- _ABOUT THIS TASK_
Using the records below, copy every line that holds the string "Classes".

((

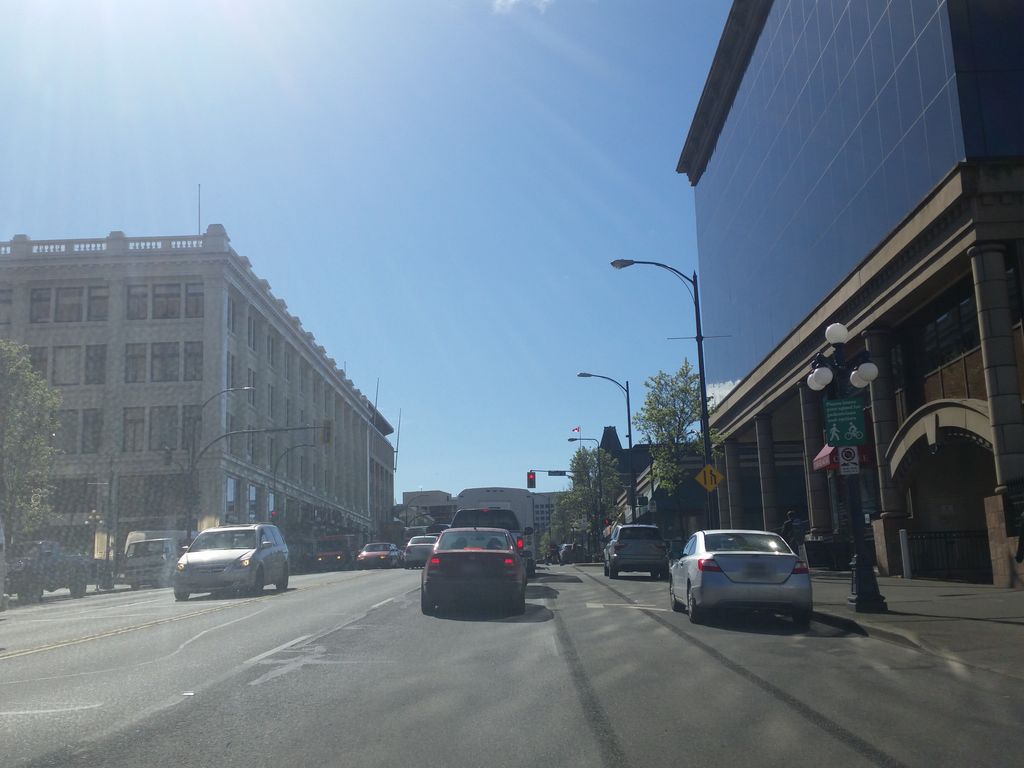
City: victoria
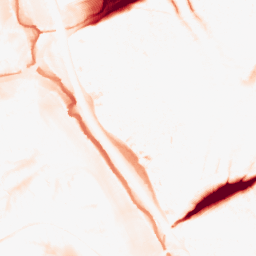
Category: morphological
Decomposition family: tophat
Decomposition parameters: size: 20
mode: black
Upsampling method: lanczos
Upsampling parameters: scale: 4
Upsampling scale: 4
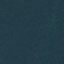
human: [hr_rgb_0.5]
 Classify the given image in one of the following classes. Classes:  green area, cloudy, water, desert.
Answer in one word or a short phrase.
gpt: green area
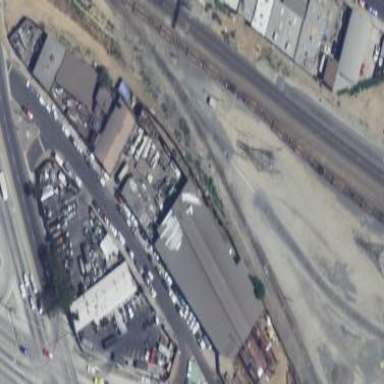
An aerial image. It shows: Warehouse.
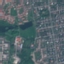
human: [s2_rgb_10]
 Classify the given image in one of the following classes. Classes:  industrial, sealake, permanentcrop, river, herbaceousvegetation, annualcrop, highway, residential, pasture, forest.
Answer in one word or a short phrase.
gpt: Residential
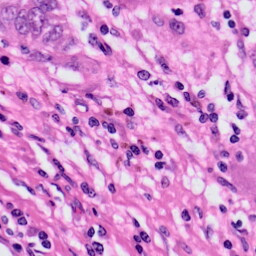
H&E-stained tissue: Skin
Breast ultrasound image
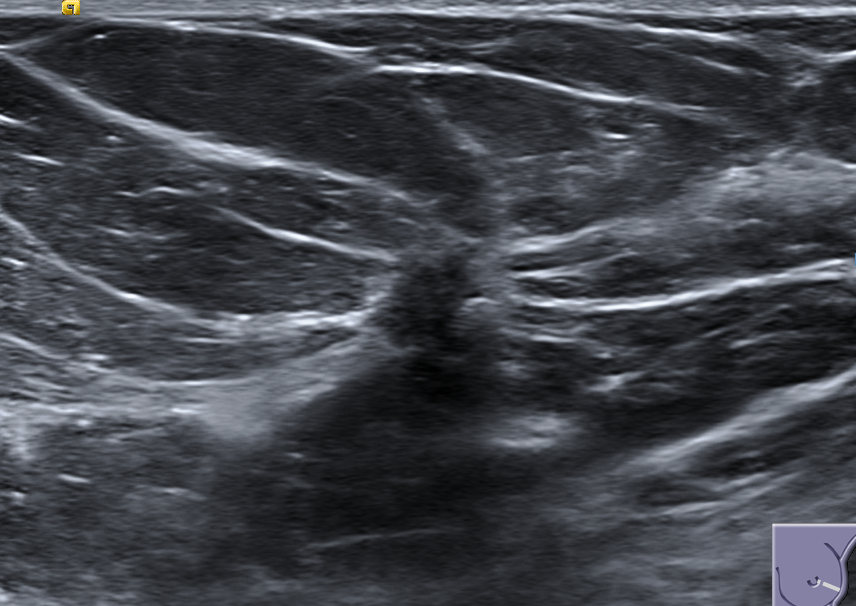
Diagnosis: malignant
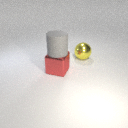
large gray rubber cylinder above large red metal cube
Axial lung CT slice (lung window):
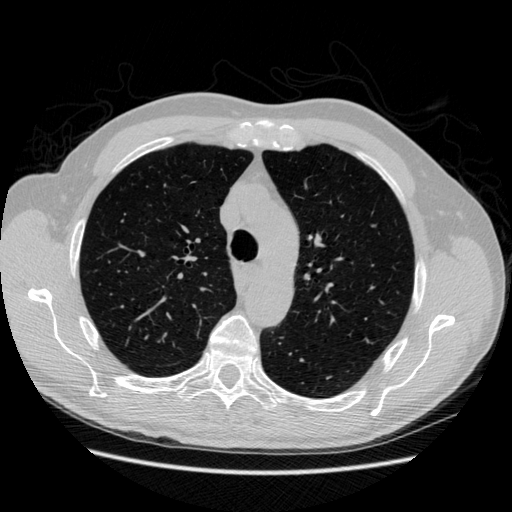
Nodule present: no
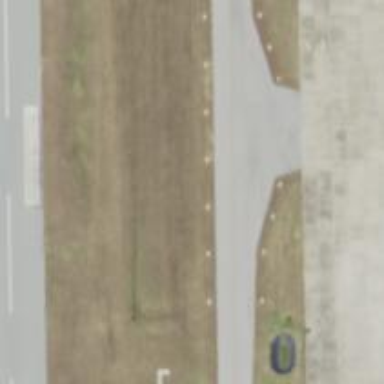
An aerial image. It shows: Asphalt taxiway in the airport.
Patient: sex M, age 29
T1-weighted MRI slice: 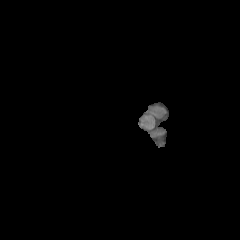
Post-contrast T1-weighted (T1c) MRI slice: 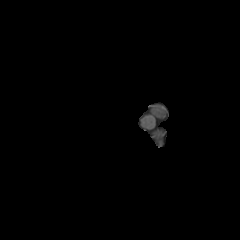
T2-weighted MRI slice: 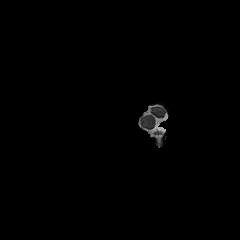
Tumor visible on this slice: no
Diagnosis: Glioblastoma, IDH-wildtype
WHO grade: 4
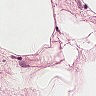
Metastatic tissue present: no

))

- _SOLUTION TO THIS EXERCISE_
 Classify the given image in one of the following classes. Classes:  green area, cloudy, water, desert.
 Classify the given image in one of the following classes. Classes:  industrial, sealake, permanentcrop, river, herbaceousvegetation, annualcrop, highway, residential, pasture, forest.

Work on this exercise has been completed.